Droni ad ala fissa piuttosto grandi hanno attaccato il più grande impianto petrolifero del mondo ad Abqaiq, in Arabia Saudita. L’azione, che risale al 10 settembre scorso, è stata rivendicata dai ribelli houthi dello Yemen, gruppo sciita sostenuto dall’Iran. Quasi dimezzata la produzione di petrolio saudita. Gli USA puntano il dito contro l’Iran, che peraltro è molto più vicino (circa 350 km) al luogo del raid rispetto allo Yemen, che dista circa 800 km, comunque nel raggio d’azione dei droni kamikaze UAV-X delle milizie yemenite, capaci di un raggio d’azione di 1500 chilometri.

Al momento in cui scriviamo non è ancora certo se ci siano state vittime, ma l’assalto rivendicato dalle milizie houthi yemenite è stato devastante. Gli impianti sono stati fermati e il Paese ha praticamente dimezzato la produzione petrolifera che perderà 5,7 milioni di barili al giorno.
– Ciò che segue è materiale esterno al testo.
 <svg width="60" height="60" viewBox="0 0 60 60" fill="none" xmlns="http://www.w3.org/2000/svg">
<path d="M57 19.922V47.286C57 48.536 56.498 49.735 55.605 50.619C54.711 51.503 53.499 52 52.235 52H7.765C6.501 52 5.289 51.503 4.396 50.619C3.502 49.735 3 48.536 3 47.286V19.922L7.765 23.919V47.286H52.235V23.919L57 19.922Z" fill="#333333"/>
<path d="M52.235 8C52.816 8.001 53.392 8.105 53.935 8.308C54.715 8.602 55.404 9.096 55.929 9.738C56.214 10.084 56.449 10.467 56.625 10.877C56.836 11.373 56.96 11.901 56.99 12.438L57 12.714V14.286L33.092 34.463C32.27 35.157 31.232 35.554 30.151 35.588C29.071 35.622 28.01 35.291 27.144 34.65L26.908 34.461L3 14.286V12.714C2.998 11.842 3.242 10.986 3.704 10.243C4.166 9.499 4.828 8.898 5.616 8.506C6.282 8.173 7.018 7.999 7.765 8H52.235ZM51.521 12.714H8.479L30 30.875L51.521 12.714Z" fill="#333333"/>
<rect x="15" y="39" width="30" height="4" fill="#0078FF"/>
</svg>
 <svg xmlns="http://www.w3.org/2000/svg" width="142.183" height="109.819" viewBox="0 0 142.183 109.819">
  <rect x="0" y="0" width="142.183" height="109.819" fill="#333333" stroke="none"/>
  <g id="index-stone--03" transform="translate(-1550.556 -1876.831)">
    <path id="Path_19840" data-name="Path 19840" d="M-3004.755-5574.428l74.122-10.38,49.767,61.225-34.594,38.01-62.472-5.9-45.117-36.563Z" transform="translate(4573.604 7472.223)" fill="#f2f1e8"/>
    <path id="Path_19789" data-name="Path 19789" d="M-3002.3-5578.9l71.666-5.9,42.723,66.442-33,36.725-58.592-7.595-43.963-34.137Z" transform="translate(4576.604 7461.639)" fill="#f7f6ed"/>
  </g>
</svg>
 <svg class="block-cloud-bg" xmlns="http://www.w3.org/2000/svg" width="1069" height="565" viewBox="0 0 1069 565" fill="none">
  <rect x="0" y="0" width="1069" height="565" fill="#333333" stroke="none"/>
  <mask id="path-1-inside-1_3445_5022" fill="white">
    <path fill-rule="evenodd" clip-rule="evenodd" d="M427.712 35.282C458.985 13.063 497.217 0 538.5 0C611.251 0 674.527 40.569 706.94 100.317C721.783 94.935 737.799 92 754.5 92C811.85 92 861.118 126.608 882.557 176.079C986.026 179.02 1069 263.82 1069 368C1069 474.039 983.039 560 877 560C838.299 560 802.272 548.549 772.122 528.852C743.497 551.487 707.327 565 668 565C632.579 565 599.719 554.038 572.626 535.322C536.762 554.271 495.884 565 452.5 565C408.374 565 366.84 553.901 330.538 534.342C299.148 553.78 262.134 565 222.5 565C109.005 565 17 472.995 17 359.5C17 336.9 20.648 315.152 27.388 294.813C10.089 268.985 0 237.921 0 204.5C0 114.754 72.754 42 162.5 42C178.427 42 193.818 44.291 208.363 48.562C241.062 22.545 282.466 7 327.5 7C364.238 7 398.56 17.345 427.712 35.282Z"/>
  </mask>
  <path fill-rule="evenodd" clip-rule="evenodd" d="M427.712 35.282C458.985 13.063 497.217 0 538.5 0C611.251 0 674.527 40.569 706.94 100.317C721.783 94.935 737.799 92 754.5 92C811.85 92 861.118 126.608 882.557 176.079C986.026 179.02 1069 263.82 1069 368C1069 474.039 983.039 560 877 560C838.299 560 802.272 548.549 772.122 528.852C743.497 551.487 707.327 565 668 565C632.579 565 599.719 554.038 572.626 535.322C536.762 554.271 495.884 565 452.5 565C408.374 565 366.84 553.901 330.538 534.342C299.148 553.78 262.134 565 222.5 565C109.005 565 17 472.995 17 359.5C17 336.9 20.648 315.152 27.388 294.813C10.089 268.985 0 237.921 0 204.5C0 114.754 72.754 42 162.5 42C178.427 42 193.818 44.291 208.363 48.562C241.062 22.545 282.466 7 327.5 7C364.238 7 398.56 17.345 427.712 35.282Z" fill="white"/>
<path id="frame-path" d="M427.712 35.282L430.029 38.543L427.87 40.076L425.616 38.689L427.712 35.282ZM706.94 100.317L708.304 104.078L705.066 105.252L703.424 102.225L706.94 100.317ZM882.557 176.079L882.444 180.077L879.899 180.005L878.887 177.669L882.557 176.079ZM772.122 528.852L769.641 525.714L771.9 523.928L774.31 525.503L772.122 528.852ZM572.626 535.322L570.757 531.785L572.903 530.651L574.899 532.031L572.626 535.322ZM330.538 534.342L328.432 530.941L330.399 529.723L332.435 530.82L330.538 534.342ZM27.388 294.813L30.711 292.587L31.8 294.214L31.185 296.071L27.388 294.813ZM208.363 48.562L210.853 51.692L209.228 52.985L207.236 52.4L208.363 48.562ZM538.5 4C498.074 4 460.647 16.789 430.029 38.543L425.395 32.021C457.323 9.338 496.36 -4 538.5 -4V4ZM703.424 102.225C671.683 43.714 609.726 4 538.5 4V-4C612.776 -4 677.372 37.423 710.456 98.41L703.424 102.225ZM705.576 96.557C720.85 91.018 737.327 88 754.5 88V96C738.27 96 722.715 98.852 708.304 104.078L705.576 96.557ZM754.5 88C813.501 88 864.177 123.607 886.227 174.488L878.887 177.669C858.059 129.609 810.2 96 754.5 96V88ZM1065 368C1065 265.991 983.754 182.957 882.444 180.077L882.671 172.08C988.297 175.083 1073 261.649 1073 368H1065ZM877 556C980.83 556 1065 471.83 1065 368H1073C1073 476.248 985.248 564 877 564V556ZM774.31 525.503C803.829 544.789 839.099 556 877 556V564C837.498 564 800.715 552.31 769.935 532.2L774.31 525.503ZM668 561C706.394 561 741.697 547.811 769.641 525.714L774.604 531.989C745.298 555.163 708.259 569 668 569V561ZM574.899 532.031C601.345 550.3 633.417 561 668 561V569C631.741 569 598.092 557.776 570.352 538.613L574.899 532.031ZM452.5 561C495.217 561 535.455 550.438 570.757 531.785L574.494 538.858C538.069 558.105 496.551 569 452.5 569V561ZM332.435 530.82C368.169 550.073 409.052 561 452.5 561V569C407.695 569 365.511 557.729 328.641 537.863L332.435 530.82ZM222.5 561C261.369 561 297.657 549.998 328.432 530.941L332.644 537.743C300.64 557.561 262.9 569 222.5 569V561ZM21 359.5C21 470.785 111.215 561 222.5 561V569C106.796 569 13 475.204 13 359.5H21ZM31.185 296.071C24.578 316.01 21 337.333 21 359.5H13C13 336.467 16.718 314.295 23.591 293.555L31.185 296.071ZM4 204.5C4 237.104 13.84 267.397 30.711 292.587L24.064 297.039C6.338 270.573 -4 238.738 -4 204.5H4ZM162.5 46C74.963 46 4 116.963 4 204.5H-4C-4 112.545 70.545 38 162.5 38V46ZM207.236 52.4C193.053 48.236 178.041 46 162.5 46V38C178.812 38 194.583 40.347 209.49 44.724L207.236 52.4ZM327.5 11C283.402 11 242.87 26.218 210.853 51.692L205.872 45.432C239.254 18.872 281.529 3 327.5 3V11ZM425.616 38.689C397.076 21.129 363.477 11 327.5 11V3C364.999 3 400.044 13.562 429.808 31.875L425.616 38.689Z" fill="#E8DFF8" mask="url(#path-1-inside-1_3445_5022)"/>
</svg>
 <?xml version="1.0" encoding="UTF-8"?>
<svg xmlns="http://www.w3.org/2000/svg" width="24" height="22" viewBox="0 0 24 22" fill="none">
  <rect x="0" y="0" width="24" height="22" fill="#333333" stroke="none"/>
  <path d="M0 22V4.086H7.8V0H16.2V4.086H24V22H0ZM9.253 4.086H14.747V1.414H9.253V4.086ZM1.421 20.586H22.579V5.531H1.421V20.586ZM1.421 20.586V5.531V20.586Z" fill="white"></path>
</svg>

Per l’attacco sono stati usati droni kamikaze UAV-X, che non dispongono di armamento ma sono imbottiti di esplosivo.
Immediata fiammata sui prezzi del petrolio, Il greggio alla riapertura dei mercati ha registrato il maggior rialzo da sempre, + 12 dollari al barile nei primi secondi di contrattazione, per poi abbassarsi leggermente Un rincaro eccezionale che potrebbe incidere pesantemente sulle nostre tasche: con il petrolio a 100 dollari, la benzina potrebbe arrivare a quita 1,80 euro. Il colosso petrolifero saudita Aramco, la maggior compagnia petrolifera al mondo, ha dovuto ammettere l’interruzione nella produzione da 5,7 milioni di barili al giorno. Peggio di quello che è accaduto nel 1990 quando Saddam Hussein aveva invaso il Kuwait.